Multivariate Pattern Analysis in Python |
PyMVPA provides a number of useful measures. The vast majority of them are dedicated to feature selection. To increase analysis flexibility, PyMVPA distinguishes two parts of a feature selection procedure.
First, the impact of each individual feature on a classification has to be determined. The resulting map reflects the sensitivities of all features with respect to a certain decision and, therefore, algorithms generating these maps are summarized as Sensitivity in PyMVPA.
Second, once the feature sensitivities are known, they can be used as criteria for feature selection. However, possible selection strategies range from very simple Go with the 10% best features to more complicated algorithms like Recursive Feature Elimination. Because Sensitivity Measures and selections strategies can be arbitrarily combined, PyMVPA offers a quite flexible framework for feature selection.
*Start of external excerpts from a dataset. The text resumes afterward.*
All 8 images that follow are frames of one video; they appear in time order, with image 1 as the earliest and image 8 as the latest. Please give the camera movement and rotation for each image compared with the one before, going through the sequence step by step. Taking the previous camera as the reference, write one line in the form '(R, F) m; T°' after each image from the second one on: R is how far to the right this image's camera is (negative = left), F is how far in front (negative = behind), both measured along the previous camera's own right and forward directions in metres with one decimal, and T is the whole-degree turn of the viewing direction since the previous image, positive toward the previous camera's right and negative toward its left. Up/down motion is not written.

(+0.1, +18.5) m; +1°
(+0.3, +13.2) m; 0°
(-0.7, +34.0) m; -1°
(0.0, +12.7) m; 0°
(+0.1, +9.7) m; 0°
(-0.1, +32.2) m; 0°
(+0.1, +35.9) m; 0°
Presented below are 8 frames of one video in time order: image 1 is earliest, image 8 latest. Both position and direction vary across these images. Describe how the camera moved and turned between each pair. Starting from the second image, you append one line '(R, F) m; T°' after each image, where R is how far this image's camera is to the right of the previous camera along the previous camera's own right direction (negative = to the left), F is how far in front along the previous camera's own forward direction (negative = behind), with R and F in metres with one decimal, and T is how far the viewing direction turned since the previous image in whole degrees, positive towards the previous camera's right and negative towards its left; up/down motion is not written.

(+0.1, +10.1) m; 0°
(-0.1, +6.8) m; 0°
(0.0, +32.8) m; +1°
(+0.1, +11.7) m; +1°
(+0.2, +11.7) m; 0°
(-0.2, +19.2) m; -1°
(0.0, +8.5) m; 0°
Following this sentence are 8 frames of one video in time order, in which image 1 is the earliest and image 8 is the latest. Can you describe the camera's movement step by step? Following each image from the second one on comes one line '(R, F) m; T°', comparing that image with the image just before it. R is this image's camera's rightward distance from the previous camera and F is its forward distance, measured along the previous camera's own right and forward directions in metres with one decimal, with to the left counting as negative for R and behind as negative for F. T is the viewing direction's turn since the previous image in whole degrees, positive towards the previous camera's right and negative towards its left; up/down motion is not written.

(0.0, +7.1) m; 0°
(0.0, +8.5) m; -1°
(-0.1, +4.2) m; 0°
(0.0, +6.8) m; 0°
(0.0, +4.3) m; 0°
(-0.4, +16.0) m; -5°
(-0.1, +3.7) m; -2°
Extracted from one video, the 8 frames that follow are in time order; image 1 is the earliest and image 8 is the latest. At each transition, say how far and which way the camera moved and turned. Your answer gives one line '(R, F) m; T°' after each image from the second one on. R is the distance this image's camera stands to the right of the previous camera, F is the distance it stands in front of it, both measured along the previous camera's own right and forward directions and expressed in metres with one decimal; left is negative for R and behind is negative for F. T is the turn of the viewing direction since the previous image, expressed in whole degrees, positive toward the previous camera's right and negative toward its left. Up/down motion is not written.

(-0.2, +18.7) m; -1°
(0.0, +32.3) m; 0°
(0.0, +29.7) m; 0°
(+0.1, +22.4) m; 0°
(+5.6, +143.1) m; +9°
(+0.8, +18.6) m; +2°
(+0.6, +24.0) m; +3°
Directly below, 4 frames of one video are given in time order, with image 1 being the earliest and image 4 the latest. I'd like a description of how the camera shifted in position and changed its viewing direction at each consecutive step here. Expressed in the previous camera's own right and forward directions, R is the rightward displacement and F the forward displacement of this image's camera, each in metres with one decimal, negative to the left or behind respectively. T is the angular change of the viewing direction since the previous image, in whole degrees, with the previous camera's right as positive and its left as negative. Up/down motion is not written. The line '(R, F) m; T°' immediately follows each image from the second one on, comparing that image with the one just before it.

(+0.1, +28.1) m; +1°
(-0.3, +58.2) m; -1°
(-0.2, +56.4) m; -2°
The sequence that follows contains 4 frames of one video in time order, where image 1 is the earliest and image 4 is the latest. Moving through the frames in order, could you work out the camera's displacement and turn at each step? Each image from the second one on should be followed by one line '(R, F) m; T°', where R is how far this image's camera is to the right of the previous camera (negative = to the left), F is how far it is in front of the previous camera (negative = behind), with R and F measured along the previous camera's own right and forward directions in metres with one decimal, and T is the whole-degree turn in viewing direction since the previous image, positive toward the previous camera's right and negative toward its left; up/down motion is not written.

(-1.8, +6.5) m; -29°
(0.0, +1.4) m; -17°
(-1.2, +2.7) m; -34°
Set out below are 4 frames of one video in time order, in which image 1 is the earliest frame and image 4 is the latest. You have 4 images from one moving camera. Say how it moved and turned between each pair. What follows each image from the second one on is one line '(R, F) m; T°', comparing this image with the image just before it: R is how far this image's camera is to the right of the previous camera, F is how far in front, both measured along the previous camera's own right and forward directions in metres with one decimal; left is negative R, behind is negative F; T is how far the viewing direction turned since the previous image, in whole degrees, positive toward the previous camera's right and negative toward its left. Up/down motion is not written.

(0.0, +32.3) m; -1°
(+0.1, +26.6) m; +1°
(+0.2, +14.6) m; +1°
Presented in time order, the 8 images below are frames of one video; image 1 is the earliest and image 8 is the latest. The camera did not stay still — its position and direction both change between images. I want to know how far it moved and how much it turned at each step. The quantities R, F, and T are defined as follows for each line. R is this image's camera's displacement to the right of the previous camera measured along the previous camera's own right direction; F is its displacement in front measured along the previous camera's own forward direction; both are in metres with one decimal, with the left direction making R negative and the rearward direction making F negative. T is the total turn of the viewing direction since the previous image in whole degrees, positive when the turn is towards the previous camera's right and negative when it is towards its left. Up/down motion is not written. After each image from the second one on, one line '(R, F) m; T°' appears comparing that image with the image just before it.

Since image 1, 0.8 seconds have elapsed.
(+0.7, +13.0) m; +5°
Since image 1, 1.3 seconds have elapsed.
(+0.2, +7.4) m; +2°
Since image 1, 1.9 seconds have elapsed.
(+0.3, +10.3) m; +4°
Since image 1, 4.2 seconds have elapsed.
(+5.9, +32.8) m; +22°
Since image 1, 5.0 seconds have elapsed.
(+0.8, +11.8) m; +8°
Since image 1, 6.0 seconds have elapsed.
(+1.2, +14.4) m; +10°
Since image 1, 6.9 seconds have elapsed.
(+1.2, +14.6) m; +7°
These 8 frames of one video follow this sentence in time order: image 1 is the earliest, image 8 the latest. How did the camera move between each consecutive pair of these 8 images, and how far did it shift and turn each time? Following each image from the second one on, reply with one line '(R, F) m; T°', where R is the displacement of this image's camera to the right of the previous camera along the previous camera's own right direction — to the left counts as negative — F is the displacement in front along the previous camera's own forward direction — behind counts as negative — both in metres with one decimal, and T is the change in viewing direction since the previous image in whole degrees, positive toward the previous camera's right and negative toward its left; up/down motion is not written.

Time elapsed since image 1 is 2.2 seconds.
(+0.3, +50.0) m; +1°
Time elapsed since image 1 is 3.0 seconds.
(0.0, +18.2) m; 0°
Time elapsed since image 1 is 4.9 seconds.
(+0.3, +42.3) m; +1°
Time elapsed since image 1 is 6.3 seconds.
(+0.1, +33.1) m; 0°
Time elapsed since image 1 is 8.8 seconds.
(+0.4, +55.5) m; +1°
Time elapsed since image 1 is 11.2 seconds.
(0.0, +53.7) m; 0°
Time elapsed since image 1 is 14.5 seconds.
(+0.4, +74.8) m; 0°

Similar to dataset splitters, all PyMVPA algorithms are implemented and behave like processing objects. To recap, this means that they are instantiated by passing all relevant arguments to the constructor. Once created, they can be used multiple times by calling them with different datasets.
It was already mentioned that a Sensitivity computes a featurewise score that indicates how much interesting signal each feature contains – hoping that this score somehow correlates with the impact of the features on a classifier’s decision for a certain problem.
Every sensitivity analyzer object computes a one-dimensional array with the respective score for every feature, when called with a Dataset. Due to this common behavior all Sensitivity types are interchangeable and can be combined with any other algorithm requiring a sensitivity analyzer.
By convention higher sensitivity values indicate more interesting features.
There are two types of sensitivity analyzers in PyMVPA. Basic sensitivity analyzers directly compute a score from a Dataset. Meta sensitivity analyzers on the other hand utilize another sensitivity analyzer to compute their sensitivity maps.
Meta Sensitivity Measures are FeaturewiseDatasetMeasures that internally use one of the Basic Sensitivity (and related Measures) to compute their sensitivity scores.
The SplittingFeaturewiseMeasure uses a Splitter to generate dataset splits. A FeaturewiseDatasetMeasure is then used to compute sensitivity maps for all these dataset splits. At the end a combiner function is called with all sensitivity maps to produce the final sensitivity map. By default the mean sensitivity maps across all splits is computed.